We are a deeply punitive society. One misstep, one act of poor 
judgment, one stroke of bad luck or fate, and you could be marked for 
life, a pariah, someone with whom the rest of us "good people" want 
nothing to do.

Drug users are a prime example of this sad philosophy. The most 
recent manifestation of our collective attitude of non-forgiveness 
comes courtesy of Gov. Scott Walker's expected budget proposal to 
require drug tests for all FoodShare and BadgerCare applicants, as 
well as certain recipients of unemployment benefits.

There's a token nod to providing treatment and job training to those 
who test positive, but little in the way of details about how these 
programs would be paid for and implemented.

The move also appears to be largely one of political posturing: The 
federal government bars states from adding any new eligibility 
requirements for FoodShare applicants, so Wisconsin would need to 
apply for a waiver from the Obama administration in order to 
implement these new policies. It seems almost certain that won't happen.

Rightly so, too. If the argument is that people don't want "taxpayer 
money" going to feed, shelter and treat people who use illegal drugs, 
then we should, first and foremost, be testing our elected officials. 
After all, who gets more taxpayer money than they do? Somehow, 
however, I doubt a bill requiring such a thing would ever make it out 
of committee, let alone pass into law.

The point, however, shouldn't be to further stigmatize and punish 
those people who use or abuse illicit substances. These are precisely 
the folks who would benefit most from real support, some semblance of 
comfort and a sense of hope and possibility for their future. Letting 
them starve, fall ill and become isolated will only make their -and 
our - situation worse.

I recently read a fascinating article about studies that have been 
done over the last several decades that absolutely tear apart our 
usual thinking when it comes to drug use and addiction. Conservatives 
tend to blame it all on moral failing and individual responsibility. 
Liberals tend to blame it all on chemical dependence and disease.

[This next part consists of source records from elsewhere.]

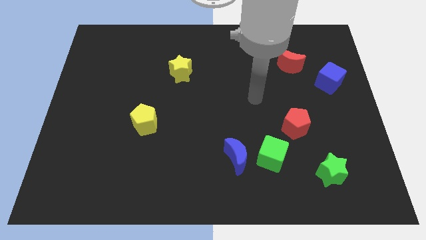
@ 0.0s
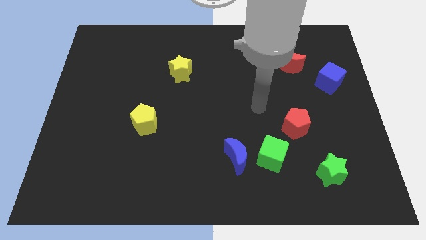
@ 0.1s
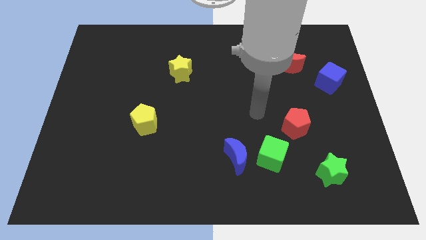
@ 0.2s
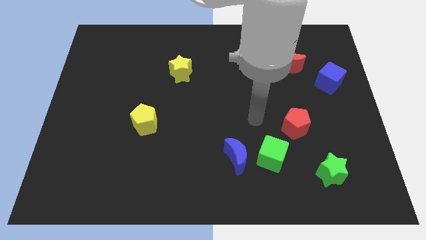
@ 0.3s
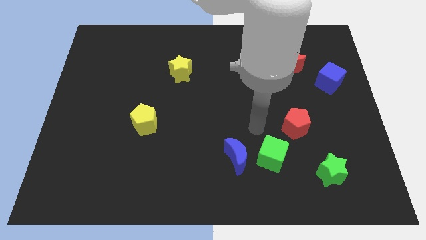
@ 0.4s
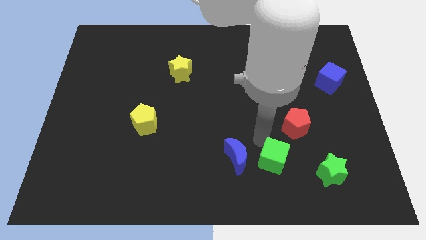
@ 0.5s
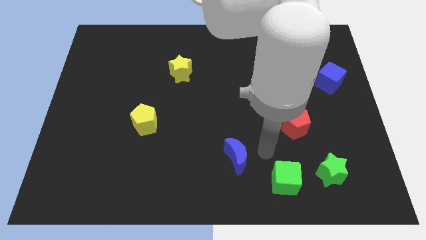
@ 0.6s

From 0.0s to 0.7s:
move the blue moon away from the green cube

But what these studies are finding is something else entirely, and it 
makes policies like those in Walker's new budget all the more 
wrongheaded and dangerous: Addiction is not the result of moral 
failing or chemical dependence. It is, these studies show, the result 
of lack of human connection. The take-away is that, in order to 
really combat addiction, we need to make sure that people have 
healthy environments in which to live.

"If we can't connect with each other," writes Johann Hari, author of 
"Chasing the Scream: The First and Last Days of the War on Drugs, "we 
will connect with anything we can find - the whirr of a roulette 
wheel or the prick of a syringe. (The research scientist) says we 
should stop talking about 'addiction' altogether, and instead call it 
'bonding.' A heroin addict has bonded with heroin because she 
couldn't bond as fully with anything else. So the opposite of 
addiction is not sobriety. It is human connection."

That may sound overly woo-woo to some, but it makes a whole lot of 
sense to me - and to the scientists who ran the tests that proved it.

Instead of finding new ways to dump on and brush aside society's ills 
and those afflicted by them, we should be looking for ways to improve 
everyone's lot. This isn't a leg-up so much as it's a 
just-having-legs-in-the-first-place sort of proposal. It's funding 
for comprehensive treatment and training programs, yes. But it's also 
funding for public education, so people can learn and feel empowered 
to take control of their own lives, thereby finding ways to be 
productive members of society (that's a long-term investment we 
should all be able to get behind). It's funding social safety nets, 
so that when things go wrong that are outside of our control, we 
don't fall through the cracks and become a burden to ourselves and 
others. It's realizing that we all do better when we all do better.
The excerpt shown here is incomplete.